= Exercise data =
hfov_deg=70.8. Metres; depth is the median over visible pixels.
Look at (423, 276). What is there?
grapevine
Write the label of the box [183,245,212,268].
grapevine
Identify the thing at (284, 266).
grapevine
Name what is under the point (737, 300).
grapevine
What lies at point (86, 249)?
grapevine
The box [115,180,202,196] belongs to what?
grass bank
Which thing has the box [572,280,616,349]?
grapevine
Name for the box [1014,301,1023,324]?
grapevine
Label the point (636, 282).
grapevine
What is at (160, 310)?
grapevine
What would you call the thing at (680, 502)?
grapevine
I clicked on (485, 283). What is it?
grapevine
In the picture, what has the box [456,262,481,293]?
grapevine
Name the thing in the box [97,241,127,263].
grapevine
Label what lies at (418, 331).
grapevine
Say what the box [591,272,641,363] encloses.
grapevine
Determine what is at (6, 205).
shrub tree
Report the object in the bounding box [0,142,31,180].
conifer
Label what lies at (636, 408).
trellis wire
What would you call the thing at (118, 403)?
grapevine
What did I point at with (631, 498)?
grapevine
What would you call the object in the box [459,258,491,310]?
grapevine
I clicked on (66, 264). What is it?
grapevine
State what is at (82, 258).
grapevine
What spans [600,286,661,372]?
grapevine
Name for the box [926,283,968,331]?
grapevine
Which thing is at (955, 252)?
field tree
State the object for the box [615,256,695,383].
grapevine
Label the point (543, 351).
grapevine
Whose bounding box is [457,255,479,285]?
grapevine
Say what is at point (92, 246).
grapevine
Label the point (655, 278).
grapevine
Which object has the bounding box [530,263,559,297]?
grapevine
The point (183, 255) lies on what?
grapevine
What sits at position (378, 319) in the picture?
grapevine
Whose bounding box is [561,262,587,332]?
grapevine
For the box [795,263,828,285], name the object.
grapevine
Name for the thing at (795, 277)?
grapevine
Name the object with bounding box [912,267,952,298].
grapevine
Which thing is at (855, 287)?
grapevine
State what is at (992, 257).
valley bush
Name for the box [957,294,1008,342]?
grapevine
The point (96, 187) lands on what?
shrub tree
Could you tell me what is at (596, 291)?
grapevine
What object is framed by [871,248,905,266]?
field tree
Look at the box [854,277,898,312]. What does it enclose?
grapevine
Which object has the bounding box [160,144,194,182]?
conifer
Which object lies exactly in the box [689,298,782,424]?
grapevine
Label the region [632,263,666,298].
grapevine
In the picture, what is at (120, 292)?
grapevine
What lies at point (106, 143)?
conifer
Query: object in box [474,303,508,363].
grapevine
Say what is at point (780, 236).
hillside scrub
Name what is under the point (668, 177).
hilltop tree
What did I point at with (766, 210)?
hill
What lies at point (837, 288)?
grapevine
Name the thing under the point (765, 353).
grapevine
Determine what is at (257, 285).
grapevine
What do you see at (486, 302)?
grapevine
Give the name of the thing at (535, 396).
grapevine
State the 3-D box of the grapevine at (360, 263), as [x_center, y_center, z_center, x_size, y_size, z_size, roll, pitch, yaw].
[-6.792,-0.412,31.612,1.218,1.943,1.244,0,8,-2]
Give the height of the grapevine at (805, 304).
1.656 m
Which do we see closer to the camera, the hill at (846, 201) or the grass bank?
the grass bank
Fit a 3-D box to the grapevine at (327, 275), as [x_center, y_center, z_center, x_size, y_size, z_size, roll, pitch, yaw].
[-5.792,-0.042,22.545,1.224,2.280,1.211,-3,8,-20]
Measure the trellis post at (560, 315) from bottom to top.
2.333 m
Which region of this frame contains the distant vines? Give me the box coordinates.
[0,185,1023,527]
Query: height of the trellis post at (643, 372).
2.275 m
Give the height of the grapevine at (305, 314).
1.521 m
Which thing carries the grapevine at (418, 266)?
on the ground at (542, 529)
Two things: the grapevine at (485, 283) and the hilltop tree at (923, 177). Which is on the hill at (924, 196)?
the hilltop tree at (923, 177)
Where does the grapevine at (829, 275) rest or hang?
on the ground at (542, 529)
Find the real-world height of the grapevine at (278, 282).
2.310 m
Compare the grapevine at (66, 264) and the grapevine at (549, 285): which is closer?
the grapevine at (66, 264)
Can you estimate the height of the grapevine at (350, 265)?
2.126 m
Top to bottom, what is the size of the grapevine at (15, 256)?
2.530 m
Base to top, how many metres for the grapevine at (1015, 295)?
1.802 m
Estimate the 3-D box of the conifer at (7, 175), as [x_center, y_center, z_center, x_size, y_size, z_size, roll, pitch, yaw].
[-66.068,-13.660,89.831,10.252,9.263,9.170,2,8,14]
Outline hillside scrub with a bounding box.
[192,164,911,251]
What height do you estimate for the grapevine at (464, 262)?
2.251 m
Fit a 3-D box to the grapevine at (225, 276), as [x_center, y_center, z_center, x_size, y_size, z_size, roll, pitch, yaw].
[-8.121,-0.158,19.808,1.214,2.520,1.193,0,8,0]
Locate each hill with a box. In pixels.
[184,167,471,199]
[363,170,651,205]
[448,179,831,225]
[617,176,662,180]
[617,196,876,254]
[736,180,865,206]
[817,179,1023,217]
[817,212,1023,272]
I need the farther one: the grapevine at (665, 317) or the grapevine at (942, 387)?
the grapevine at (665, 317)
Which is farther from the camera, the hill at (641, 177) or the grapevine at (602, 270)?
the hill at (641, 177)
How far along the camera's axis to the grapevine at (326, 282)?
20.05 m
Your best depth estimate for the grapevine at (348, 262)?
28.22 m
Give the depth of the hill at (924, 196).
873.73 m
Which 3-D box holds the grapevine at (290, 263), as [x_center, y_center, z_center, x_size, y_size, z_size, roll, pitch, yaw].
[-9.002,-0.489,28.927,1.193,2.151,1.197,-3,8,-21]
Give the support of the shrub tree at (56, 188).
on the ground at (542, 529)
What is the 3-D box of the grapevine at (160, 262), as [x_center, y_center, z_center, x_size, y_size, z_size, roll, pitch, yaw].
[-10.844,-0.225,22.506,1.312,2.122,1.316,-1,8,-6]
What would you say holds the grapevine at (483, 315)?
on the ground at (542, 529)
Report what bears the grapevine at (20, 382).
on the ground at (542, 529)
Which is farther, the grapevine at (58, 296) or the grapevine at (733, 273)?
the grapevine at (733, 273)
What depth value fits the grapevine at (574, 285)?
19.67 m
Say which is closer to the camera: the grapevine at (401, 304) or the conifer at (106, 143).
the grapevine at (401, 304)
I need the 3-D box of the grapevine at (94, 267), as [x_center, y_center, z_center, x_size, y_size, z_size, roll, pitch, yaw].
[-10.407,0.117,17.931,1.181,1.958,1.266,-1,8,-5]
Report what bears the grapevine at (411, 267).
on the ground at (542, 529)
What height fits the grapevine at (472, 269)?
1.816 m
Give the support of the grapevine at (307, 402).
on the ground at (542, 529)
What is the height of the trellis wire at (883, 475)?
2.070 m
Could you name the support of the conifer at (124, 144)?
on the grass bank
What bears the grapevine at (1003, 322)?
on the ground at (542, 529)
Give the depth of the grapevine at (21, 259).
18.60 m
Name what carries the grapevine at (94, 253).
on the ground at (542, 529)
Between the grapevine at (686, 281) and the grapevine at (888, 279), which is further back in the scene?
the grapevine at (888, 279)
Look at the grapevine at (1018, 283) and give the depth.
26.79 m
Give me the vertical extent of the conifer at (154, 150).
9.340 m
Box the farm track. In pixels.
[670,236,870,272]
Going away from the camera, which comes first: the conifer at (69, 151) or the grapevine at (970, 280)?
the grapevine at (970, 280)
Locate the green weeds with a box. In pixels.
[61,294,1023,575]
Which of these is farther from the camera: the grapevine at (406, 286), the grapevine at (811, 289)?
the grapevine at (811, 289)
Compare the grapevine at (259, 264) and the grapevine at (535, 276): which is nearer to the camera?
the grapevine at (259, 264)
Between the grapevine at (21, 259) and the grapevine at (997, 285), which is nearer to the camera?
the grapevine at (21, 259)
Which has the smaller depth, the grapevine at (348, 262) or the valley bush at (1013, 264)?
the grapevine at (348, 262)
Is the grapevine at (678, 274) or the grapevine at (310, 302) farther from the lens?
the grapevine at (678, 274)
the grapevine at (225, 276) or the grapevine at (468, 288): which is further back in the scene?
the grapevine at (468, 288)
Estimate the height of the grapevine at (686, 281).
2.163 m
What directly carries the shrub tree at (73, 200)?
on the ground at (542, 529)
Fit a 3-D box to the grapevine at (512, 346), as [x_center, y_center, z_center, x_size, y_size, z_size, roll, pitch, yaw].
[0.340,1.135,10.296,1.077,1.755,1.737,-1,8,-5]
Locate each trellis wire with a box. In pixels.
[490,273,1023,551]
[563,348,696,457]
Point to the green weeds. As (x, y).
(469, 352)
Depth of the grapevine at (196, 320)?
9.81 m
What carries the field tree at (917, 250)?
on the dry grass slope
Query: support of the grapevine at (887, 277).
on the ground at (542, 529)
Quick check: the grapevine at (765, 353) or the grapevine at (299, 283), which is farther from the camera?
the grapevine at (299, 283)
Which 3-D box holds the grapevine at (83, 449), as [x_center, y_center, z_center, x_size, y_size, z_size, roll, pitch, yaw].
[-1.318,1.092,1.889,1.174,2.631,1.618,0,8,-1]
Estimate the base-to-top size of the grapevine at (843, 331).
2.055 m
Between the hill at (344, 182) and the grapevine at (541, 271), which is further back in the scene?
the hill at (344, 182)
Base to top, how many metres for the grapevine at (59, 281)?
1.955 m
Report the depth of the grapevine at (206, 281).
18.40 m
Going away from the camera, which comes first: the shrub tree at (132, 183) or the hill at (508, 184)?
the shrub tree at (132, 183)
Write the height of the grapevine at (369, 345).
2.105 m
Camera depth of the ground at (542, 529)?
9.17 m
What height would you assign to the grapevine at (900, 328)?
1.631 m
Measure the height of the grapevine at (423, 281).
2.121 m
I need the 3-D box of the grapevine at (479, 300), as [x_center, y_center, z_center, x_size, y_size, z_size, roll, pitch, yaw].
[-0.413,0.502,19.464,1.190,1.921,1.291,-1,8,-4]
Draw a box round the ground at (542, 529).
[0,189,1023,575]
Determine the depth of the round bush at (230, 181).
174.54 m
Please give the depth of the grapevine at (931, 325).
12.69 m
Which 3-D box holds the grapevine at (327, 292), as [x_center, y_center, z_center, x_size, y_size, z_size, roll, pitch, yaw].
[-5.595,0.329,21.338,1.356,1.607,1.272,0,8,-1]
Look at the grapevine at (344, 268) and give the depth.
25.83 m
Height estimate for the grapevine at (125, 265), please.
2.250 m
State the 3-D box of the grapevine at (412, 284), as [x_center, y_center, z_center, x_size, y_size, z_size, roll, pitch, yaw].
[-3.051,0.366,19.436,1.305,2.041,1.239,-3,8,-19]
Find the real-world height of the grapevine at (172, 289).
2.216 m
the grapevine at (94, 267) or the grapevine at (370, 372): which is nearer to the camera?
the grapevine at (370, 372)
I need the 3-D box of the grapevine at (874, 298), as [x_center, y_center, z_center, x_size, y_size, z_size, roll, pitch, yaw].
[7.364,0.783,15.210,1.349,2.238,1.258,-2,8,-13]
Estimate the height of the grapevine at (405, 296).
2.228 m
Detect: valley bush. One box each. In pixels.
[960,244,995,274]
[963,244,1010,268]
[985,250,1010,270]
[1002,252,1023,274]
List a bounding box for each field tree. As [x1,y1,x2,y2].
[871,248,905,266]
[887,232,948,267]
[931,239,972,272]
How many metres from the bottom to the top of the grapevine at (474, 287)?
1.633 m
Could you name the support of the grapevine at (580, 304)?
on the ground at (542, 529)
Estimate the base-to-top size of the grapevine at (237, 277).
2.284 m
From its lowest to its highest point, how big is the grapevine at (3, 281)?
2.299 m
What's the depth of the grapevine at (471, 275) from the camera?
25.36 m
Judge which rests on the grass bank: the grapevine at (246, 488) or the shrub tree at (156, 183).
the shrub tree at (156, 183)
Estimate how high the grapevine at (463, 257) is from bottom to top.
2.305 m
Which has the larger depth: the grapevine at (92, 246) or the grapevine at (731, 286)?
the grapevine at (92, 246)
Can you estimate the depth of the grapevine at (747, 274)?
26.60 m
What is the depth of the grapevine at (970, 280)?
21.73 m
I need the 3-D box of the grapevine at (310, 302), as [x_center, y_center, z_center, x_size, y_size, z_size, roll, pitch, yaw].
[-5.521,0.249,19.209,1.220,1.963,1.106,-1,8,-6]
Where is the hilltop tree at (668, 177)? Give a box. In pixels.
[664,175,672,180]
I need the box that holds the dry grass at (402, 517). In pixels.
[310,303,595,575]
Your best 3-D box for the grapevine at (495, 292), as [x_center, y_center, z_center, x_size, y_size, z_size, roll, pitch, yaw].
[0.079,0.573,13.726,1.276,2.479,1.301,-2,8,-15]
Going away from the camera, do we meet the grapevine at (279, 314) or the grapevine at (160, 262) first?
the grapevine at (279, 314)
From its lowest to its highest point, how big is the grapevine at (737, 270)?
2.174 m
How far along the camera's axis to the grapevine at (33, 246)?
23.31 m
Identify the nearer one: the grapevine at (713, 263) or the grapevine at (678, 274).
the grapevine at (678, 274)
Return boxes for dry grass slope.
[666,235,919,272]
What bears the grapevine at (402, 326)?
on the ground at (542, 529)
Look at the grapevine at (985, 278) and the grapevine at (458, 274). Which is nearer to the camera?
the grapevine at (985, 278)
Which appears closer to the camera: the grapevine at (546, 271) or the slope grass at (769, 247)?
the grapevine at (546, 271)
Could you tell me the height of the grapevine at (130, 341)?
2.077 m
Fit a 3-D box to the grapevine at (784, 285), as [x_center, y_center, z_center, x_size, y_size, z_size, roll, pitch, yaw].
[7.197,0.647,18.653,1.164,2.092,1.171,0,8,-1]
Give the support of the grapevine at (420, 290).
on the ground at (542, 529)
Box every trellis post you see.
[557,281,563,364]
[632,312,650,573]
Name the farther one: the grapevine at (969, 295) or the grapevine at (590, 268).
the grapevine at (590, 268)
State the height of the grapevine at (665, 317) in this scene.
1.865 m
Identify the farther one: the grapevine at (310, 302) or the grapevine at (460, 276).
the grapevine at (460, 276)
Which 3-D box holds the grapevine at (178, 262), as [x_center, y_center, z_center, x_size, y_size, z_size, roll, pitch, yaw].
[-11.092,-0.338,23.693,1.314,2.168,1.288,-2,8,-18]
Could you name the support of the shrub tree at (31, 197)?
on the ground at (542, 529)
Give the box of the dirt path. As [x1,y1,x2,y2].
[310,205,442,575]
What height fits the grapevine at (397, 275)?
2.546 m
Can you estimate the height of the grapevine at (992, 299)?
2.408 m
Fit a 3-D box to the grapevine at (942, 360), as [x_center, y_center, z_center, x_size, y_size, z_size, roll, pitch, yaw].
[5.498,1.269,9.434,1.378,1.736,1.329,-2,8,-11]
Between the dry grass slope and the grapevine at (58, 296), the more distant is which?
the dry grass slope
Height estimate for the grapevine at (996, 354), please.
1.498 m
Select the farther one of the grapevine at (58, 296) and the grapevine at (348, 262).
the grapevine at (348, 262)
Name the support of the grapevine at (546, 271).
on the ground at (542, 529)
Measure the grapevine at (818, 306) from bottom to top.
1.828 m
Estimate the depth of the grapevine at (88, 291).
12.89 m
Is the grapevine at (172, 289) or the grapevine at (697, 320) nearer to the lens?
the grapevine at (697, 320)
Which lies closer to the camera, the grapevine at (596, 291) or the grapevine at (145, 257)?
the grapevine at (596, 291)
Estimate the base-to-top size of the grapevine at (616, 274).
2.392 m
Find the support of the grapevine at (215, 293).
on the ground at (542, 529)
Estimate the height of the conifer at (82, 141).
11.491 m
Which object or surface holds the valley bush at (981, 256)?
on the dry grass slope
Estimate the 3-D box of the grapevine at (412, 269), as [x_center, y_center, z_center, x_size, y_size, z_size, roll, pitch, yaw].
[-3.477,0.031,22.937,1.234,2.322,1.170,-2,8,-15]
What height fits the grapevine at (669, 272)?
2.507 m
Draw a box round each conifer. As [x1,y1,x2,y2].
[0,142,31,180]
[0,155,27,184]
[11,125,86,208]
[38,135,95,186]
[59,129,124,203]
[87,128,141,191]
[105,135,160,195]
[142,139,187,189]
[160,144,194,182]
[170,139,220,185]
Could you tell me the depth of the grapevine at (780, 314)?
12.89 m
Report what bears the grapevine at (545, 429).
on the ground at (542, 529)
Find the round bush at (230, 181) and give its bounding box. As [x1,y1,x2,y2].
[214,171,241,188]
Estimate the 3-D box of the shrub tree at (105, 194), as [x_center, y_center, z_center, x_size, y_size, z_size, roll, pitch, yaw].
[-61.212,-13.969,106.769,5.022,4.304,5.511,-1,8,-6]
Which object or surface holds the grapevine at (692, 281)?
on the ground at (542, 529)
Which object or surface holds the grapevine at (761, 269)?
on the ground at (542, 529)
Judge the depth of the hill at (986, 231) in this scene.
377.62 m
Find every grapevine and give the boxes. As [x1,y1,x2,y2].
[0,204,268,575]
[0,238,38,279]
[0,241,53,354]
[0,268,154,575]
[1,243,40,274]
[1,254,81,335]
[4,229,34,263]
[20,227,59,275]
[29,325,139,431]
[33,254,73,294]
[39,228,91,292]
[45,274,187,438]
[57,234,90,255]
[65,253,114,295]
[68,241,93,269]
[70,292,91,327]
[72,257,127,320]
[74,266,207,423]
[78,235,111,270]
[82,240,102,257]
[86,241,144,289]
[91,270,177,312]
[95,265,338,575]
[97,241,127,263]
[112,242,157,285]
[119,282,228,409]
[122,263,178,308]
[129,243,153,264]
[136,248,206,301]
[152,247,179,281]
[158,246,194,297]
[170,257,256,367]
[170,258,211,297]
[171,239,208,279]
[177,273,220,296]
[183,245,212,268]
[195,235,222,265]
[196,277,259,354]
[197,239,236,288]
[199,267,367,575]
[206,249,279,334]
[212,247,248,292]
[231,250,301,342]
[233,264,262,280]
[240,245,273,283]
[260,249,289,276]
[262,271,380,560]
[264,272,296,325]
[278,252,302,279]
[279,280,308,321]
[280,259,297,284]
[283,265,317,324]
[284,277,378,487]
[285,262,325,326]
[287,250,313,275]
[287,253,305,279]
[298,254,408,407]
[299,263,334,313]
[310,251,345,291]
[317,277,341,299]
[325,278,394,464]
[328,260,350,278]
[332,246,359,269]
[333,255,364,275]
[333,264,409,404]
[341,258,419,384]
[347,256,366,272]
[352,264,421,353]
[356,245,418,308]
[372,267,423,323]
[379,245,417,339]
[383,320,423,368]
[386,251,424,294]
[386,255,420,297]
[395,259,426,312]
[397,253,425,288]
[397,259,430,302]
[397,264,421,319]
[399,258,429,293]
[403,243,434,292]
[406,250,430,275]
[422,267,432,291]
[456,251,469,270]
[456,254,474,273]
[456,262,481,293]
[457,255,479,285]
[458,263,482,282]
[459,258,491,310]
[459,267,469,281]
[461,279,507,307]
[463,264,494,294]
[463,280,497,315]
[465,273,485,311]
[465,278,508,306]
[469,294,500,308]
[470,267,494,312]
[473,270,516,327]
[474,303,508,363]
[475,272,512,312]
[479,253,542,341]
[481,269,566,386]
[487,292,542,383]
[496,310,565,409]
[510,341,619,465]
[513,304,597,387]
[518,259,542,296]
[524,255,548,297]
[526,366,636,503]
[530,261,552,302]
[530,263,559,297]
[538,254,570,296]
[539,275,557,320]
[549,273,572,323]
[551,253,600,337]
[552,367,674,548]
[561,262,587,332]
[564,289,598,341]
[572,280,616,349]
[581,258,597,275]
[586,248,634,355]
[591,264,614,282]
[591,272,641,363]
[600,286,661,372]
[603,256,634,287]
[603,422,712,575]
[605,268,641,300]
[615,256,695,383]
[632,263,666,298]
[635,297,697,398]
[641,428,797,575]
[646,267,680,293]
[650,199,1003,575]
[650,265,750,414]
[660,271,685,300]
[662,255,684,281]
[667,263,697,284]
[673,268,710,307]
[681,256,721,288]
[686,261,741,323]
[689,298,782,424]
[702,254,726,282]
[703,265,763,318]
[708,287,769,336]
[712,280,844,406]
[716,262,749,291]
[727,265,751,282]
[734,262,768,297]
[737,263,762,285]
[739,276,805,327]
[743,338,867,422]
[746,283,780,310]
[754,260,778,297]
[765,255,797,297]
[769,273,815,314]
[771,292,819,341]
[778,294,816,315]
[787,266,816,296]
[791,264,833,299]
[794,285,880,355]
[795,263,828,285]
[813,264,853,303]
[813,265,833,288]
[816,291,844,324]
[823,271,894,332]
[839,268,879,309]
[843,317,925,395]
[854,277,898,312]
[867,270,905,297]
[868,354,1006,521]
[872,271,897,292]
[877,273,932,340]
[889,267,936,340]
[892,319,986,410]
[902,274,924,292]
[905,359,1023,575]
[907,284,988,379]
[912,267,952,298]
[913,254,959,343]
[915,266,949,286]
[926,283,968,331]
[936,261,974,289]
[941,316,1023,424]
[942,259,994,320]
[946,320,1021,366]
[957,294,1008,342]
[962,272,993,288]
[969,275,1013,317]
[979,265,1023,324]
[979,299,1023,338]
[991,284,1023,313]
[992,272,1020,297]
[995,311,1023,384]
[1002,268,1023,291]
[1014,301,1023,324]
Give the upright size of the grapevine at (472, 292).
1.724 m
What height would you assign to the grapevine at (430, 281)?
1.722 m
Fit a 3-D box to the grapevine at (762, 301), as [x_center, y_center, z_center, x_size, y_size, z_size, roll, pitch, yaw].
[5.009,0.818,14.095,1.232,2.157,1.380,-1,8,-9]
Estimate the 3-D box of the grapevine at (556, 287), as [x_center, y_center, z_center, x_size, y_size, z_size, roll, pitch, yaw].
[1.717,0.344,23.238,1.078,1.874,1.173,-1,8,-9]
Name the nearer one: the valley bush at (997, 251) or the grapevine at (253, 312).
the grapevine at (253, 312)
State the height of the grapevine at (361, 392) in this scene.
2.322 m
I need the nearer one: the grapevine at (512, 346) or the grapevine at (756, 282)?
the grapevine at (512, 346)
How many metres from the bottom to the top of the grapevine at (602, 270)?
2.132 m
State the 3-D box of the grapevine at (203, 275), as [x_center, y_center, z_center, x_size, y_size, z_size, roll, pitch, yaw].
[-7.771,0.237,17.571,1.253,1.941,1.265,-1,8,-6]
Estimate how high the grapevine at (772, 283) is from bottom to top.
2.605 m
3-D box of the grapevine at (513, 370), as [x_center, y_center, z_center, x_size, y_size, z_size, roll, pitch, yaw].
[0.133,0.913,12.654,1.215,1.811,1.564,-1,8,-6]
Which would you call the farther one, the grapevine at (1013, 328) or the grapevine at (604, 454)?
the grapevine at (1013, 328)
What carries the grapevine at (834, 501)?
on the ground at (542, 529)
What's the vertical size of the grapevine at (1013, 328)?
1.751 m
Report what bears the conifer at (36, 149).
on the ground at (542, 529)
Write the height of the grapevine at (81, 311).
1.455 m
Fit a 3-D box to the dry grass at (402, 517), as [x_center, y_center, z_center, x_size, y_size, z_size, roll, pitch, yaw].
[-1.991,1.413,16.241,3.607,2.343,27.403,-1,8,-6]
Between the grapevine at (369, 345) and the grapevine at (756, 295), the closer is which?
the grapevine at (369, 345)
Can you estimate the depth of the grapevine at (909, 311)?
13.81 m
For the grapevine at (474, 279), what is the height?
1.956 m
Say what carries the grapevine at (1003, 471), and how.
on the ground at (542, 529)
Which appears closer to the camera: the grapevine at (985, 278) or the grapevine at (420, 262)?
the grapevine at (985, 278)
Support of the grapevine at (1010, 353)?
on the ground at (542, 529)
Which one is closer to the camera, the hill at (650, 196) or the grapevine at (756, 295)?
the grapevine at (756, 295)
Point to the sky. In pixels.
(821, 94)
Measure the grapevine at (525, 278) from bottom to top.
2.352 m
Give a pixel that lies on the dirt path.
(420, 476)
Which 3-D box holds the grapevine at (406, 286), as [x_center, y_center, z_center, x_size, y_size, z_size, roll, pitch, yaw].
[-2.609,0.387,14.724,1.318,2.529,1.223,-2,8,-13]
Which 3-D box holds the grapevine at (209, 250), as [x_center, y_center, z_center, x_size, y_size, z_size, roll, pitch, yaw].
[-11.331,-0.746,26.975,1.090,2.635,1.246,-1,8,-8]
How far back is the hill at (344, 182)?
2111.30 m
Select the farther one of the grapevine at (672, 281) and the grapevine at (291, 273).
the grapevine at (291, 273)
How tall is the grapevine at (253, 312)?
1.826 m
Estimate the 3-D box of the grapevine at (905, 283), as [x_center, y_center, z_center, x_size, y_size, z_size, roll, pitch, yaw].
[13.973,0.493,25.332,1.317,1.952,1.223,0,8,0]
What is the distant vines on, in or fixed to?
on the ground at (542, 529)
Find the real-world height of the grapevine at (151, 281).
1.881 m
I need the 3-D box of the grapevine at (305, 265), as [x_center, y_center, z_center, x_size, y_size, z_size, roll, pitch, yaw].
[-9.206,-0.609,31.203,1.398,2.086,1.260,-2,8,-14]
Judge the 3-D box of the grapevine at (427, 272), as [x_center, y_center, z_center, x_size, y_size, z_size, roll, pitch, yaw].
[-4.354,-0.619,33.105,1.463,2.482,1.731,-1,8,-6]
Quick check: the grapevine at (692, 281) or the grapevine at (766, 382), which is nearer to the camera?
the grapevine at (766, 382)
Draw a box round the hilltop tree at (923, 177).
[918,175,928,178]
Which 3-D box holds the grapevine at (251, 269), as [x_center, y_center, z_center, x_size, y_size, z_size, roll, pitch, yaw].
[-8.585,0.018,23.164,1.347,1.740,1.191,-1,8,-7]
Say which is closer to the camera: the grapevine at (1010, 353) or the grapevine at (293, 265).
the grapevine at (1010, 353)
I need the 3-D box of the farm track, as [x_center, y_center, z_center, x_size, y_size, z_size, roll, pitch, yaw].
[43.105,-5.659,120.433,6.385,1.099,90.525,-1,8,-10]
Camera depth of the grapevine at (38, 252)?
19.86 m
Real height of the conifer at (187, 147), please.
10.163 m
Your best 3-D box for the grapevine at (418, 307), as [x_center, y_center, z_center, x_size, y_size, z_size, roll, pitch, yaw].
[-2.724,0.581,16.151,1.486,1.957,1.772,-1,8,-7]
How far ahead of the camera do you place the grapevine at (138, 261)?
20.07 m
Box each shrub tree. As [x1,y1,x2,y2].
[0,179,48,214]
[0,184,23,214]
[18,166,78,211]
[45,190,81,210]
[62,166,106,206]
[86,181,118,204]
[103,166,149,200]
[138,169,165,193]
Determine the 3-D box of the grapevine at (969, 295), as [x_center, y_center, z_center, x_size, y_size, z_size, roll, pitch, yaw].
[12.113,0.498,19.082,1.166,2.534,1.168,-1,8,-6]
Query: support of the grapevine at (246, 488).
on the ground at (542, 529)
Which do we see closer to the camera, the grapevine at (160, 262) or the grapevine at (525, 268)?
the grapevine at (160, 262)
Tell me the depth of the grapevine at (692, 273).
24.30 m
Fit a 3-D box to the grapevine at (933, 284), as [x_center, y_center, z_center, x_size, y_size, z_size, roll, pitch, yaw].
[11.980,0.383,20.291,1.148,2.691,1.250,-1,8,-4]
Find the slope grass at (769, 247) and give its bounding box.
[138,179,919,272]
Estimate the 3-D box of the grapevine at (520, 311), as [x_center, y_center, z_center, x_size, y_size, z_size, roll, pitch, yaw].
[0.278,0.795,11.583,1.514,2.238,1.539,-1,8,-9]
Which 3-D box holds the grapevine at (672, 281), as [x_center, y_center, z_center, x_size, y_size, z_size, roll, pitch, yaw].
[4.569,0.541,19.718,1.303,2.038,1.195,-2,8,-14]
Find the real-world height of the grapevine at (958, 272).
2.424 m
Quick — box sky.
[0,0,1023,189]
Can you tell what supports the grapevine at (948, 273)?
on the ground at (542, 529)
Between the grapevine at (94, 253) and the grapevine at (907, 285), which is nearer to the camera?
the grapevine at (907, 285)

= Assignment =
Each line of the material that contains the string "world" has to be copied out.

= Exercise response =
Find the real-world height of the grapevine at (278, 282).
Find the real-world height of the grapevine at (172, 289).
Find the real-world height of the grapevine at (151, 281).
Find the real-world height of the grapevine at (958, 272).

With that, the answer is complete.